What (Else) Can Go Wrong?
Often, retailers believing they are compliant may lose sight of the obvious, which loops back to the ongoing nature of data security. Retailers can have detection systems in place to spot data thieves, but they have to monitor them. Here are a few tips from Omega ATC, based in St. Louis:
Go further (vs. not far enough). A retailer may believe that simply filling out a quarterly questionnaire or segmenting the card data environment will mean both compliance and data security. Such is not the case.
Keeping up with updates. Many of the monitoring systems are Windows-based, so retailers have to keep updated with patches and monitor file integrity.
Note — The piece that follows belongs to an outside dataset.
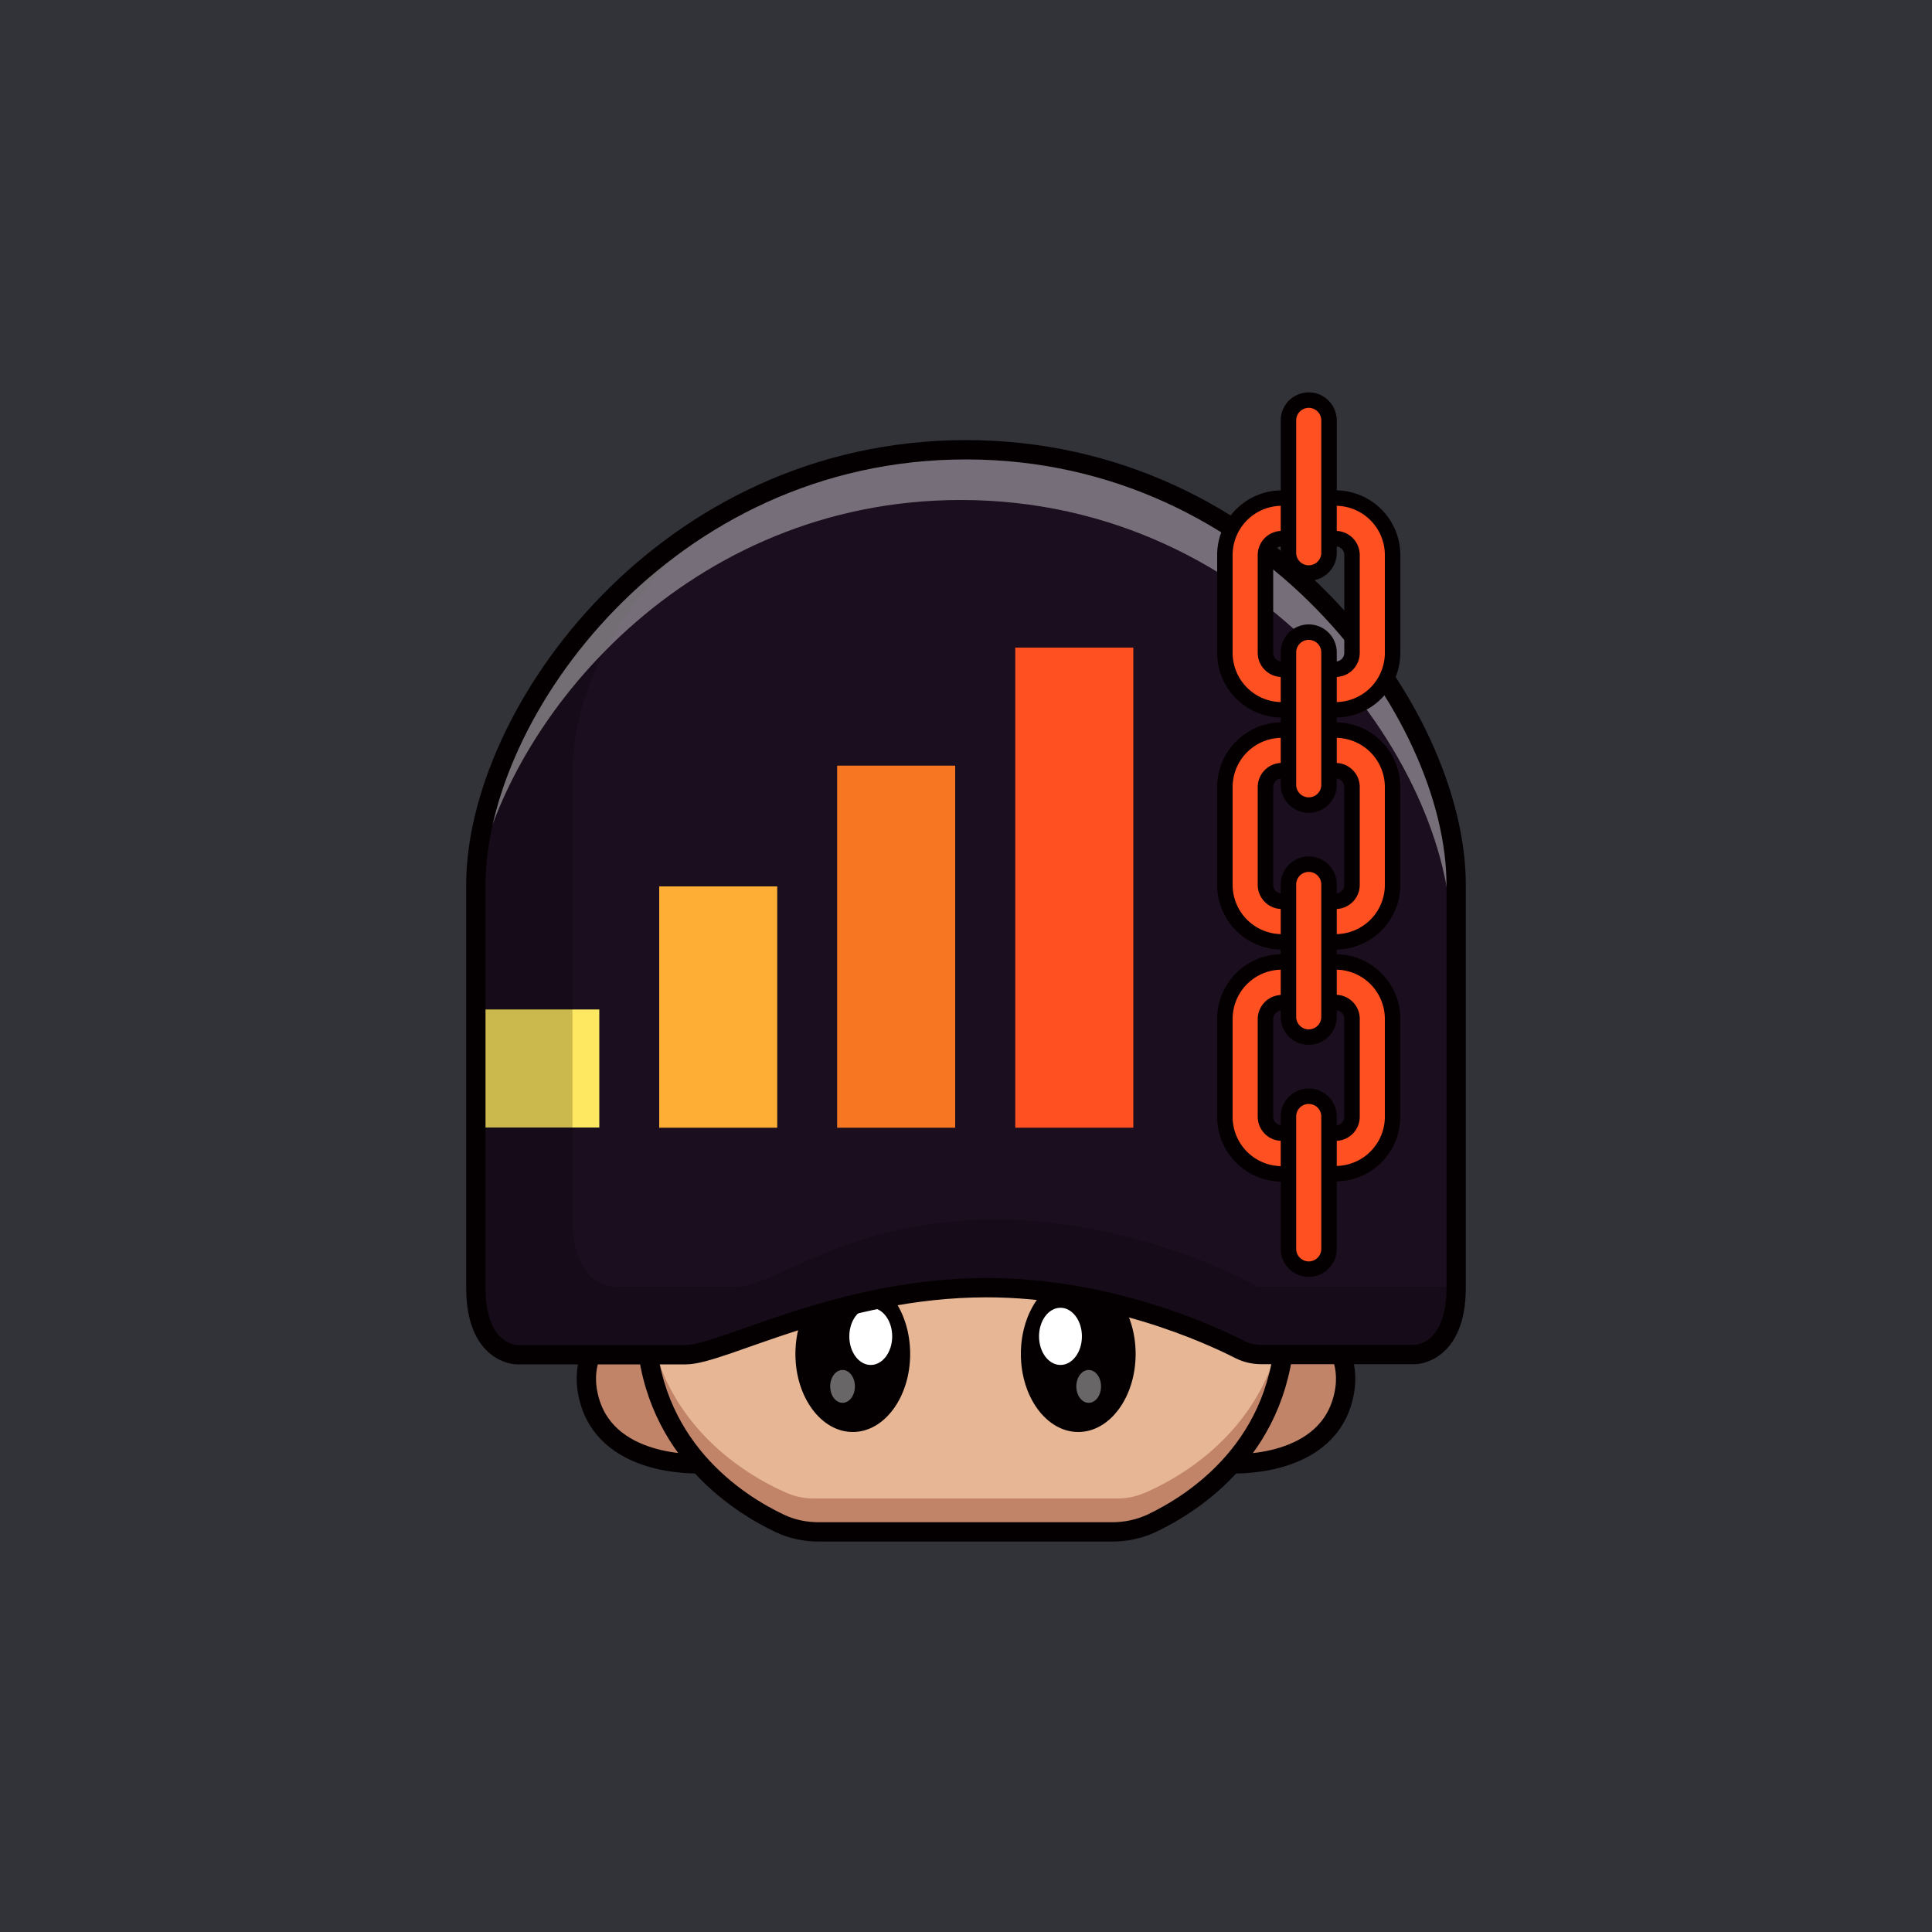 <svg id="a" xmlns="http://www.w3.org/2000/svg" viewBox="0 0 1000 1000"><defs><style>.d{isolation:isolate;opacity:.4}.d,.k,.l,.m,.o{stroke-width:0}.d,.m{fill:#fff}.q,.r{fill:none}.k{fill:#ff5021}.l{fill:#c18469}.q,.r{stroke-width:10px;stroke:#040001;stroke-linecap:round;stroke-linejoin:round}.r{stroke-width:8px}.o{fill:#040001}</style></defs><path id="b" d="M0 0h1000v1000H0V0Z" style="fill:#313338;stroke-width:0"/><g id="c"><path d="M0 0h1000v1000H0V0Z" style="fill:none;stroke-width:0"/><path class="l" d="M364.5 757.6s-49 3.4-59.3-32.5 27.8-50.4 27.8-50.4 5.5 46 31.5 82.9Z"/><path class="q" d="M364.5 757.6s-49 3.4-59.3-32.5 29.4-50.4 29.4-50.4 3.9 46 30 82.9h-.1Z"/><path class="l" d="M635.5 757.6s49 3.4 59.3-32.5-27.8-50.4-27.8-50.4-5.5 46-31.5 82.9Z"/><path class="q" d="M635.5 757.6s49 3.4 59.3-32.5-29.4-50.4-29.4-50.4-3.9 46-30 82.9h.1Z"/><path d="M665.4 683.2v-1.6c-1.2-59.8-60.6-78.5-133-78.5h-65.3c-72.3 0-131.8 18.7-132.9 78.6v2.5c.9 68.5 53.7 97.6 73.1 106a35 35 0 0 0 13.5 2.7h158c4.6 0 9.2-1 13.5-2.7 19.4-8.4 72.3-37.4 73-106v-1h.1Z" style="fill:#e7b695;stroke-width:0"/><path class="l" d="M592.2 772.8a34.3 34.3 0 0 1-13.5 2.8H420.9a35 35 0 0 1-13.5-2.8c-18.6-8-68-35-72.7-97.7l-.4 6.6v2.5c.8 68.5 53.7 97.6 73.1 106a35 35 0 0 0 13.5 2.7h158c4.6 0 9.2-1 13.5-2.7 19.4-8.4 72.3-37.5 73-106v-2.6c0-2.1 0-4.3-.3-6.5-4.8 62.7-54.1 89.7-72.8 97.7h-.1Z"/><ellipse class="o" cx="441.4" cy="700.8" rx="29.7" ry="40.4"/><ellipse class="m" cx="450.7" cy="691.7" rx="11.1" ry="14.8"/><ellipse class="d" cx="436.1" cy="717.6" rx="6.4" ry="8.5"/><ellipse class="o" cx="558.1" cy="700.8" rx="29.7" ry="40.4"/><ellipse class="m" cx="548.9" cy="691.7" rx="11.1" ry="14.8"/><ellipse class="d" cx="563.5" cy="717.6" rx="6.4" ry="8.5"/><path class="q" d="M665.4 683.2v-.6h0v-1c-1.2-59.8-60.6-78.5-133-78.5h-65.3c-72.3 0-131.8 18.7-132.9 78.6v.9h0v1.6h0c.8 64.5 47.7 94 69.4 104.3 6.3 3 13.2 4.4 20.2 4.4h152c7 0 13.9-1.5 20.2-4.4 21.7-10.3 68.5-39.8 69.3-104.3h0v-1h.1Z"/><path d="M500 232.9c-155.5 0-253.7 136-253.7 225.2v208.4c0 34.6 21.3 34.7 21.3 34.7H355c19 0 79.6-34.7 155.6-34.7s136.2 34.7 136.2 34.7h85.7s21.2 0 21.2-34.7V458c0-89.2-98.2-225.2-253.7-225.2v.1Z" style="fill:#1b0e1e;stroke-width:0"/><path d="M249.1 522.5h61.1v61.1h-61.1v-61.1Z" style="fill:#fee761;stroke-width:0"/><path d="M341.2 458.8h61.1v124.9h-61.1V458.8Z" style="fill:#feae34;stroke-width:0"/><path d="M433.3 396.3h61.1v187.4h-61.1V396.3Z" style="fill:#f77622;stroke-width:0"/><path class="k" d="M525.5 335.2h61.1v248.5h-61.1V335.2Z"/><g style="opacity:.2"><path d="M651.1 666S591 631.3 515 631.3 400.6 666 381.6 666h-64s-21.3 0-21.3-34.7V401.1c0-40.5 20.4-82.5 57-116.4-68 36-107 127.6-107 159.6v222.2c0 34.6 21.2 34.7 21.2 34.7H355c19 0 79.6-34.7 155.6-34.7s136.2 34.7 136.2 34.7h85.7s21.2 0 21.2-34.7v-.5H651.1Z" style="stroke-width:0"/></g><path class="d" d="M753.7 458c0-89-98.2-225-253.7-225S246.8 368.2 246.3 457.4c16.6-87.3 110.4-198.6 251-198.6 155.6 0 253.8 136 253.8 225.2v200.7c1.9-6 2.8-12 2.6-18.2V458Z"/><path class="q" d="M680.8 701.1h-28.1c-3.8 0-7.6-.9-11-2.6-15.9-8.1-68-32-131.1-32-76 0-136.7 34.7-155.6 34.7h-87.4s-21.3 0-21.3-34.7V458c0-89.3 98.2-225.2 253.7-225.2s253.7 136 253.7 225.2v208.4c0 34.6-21.3 34.7-21.3 34.7h-51.6"/><path class="k" d="M691.3 367.4h-27.8a29.5 29.5 0 0 1-29.5-29.5v-50.6a29.5 29.5 0 0 1 29.5-29.5h27.8a29.5 29.5 0 0 1 29.5 29.5v50.6a29.5 29.5 0 0 1-29.5 29.5Zm-27.8-88.6a8.5 8.5 0 0 0-8.5 8.5v50.6c0 4.7 3.8 8.5 8.5 8.5h27.8c4.7 0 8.5-3.8 8.5-8.5v-50.6c0-4.7-3.8-8.5-8.5-8.5h-27.8Zm27.8 208.7h-27.8A29.5 29.5 0 0 1 634 458v-50.6a29.5 29.5 0 0 1 29.5-29.5h27.8a29.5 29.5 0 0 1 29.5 29.5V458a29.5 29.5 0 0 1-29.5 29.5Zm-27.8-88.6a8.5 8.5 0 0 0-8.5 8.5V458c0 4.7 3.8 8.5 8.5 8.5h27.8c4.7 0 8.5-3.8 8.5-8.5v-50.6c0-4.7-3.8-8.5-8.5-8.5h-27.8Zm27.8 208.7h-27.8a29.5 29.5 0 0 1-29.5-29.5V527.3a29.5 29.5 0 0 1 29.5-29.4h27.8a29.5 29.5 0 0 1 29.5 29.5V578a29.5 29.5 0 0 1-29.5 29.5v.1ZM663.5 519a8.5 8.5 0 0 0-8.5 8.5V578c0 4.7 3.8 8.5 8.5 8.5h27.8c4.7 0 8.5-3.8 8.5-8.5v-50.7c0-4.6-3.8-8.4-8.5-8.4h-27.8v.1Z"/><path class="r" d="M691.3 367.4h-27.8a29.5 29.5 0 0 1-29.5-29.5h0v-50.6a29.5 29.5 0 0 1 29.5-29.5h27.8a29.5 29.5 0 0 1 29.5 29.5h0v50.6a29.5 29.5 0 0 1-29.5 29.5h0Zm-27.8-88.6a8.5 8.5 0 0 0-8.5 8.5v50.6c0 4.7 3.8 8.5 8.5 8.5h27.8c4.7 0 8.5-3.8 8.5-8.5v-50.6c0-4.7-3.8-8.5-8.5-8.5h-27.8Zm27.8 208.7h-27.8A29.5 29.5 0 0 1 634 458h0v-50.6a29.5 29.5 0 0 1 29.5-29.5h27.8a29.5 29.5 0 0 1 29.5 29.5h0V458a29.5 29.5 0 0 1-29.5 29.5h0Zm-27.8-88.6a8.5 8.5 0 0 0-8.5 8.5h0V458c0 4.7 3.8 8.5 8.5 8.5h27.8c4.7 0 8.5-3.8 8.5-8.5v-50.6c0-4.7-3.8-8.5-8.5-8.5h-27.8Zm27.8 208.7h-27.8a29.5 29.5 0 0 1-29.5-29.5V527.3a29.5 29.5 0 0 1 29.5-29.4h27.8a29.5 29.5 0 0 1 29.5 29.5h0V578a29.5 29.5 0 0 1-29.5 29.5h0v.1ZM663.5 519a8.5 8.5 0 0 0-8.5 8.5V578c0 4.7 3.8 8.5 8.5 8.5h27.8c4.7 0 8.5-3.8 8.5-8.5v-50.7c0-4.6-3.8-8.4-8.5-8.4h-27.8v.1Z"/><path class="k" d="M677.4 296.6c-5.8 0-10.5-4.7-10.5-10.5v-68.5a10.5 10.5 0 1 1 21 0v68.5c0 5.8-4.7 10.5-10.5 10.5Zm0 120.1c-5.8 0-10.5-4.7-10.5-10.5v-68.5a10.5 10.5 0 1 1 21 0v68.5c0 5.8-4.7 10.5-10.5 10.5Zm0 120.1c-5.8 0-10.5-4.7-10.5-10.5v-68.5a10.5 10.5 0 1 1 21 0v68.5c0 5.8-4.7 10.5-10.5 10.5Zm0 120.1c-5.8 0-10.5-4.7-10.5-10.5v-68.5a10.5 10.5 0 1 1 21 0v68.5c0 5.8-4.7 10.5-10.5 10.5Z"/><path class="r" d="M677.4 296.6c-5.8 0-10.5-4.7-10.5-10.5v-68.5a10.5 10.5 0 1 1 21 0v68.5c0 5.8-4.7 10.5-10.5 10.5h0Zm0 120.1c-5.8 0-10.5-4.7-10.5-10.5v-68.5a10.5 10.5 0 1 1 21 0v68.5c0 5.8-4.7 10.5-10.5 10.5h0Zm0 120.1c-5.8 0-10.5-4.7-10.5-10.5v-68.5a10.5 10.5 0 1 1 21 0v68.5c0 5.8-4.7 10.5-10.5 10.5h0Zm0 120.1c-5.8 0-10.5-4.7-10.5-10.5v-68.5a10.5 10.5 0 1 1 21 0v68.5c0 5.8-4.7 10.5-10.5 10.5Z"/></g></svg>

Plugging vulnerable areas. Things such as default settings in many systems—sometimes opened by third parties—can give access to data thieves.
Monitoring for threats. One of the biggest mistakes a retailer can make is to install antivirus protection but fail to review the reports, allowing for an intrusion simply because no one did anything when the alert sounded.
Turnover. Typically the well-paid, central IT staff person is a constant, but his or her support staff may fluctuate, providing no continuity of experience and knowledge.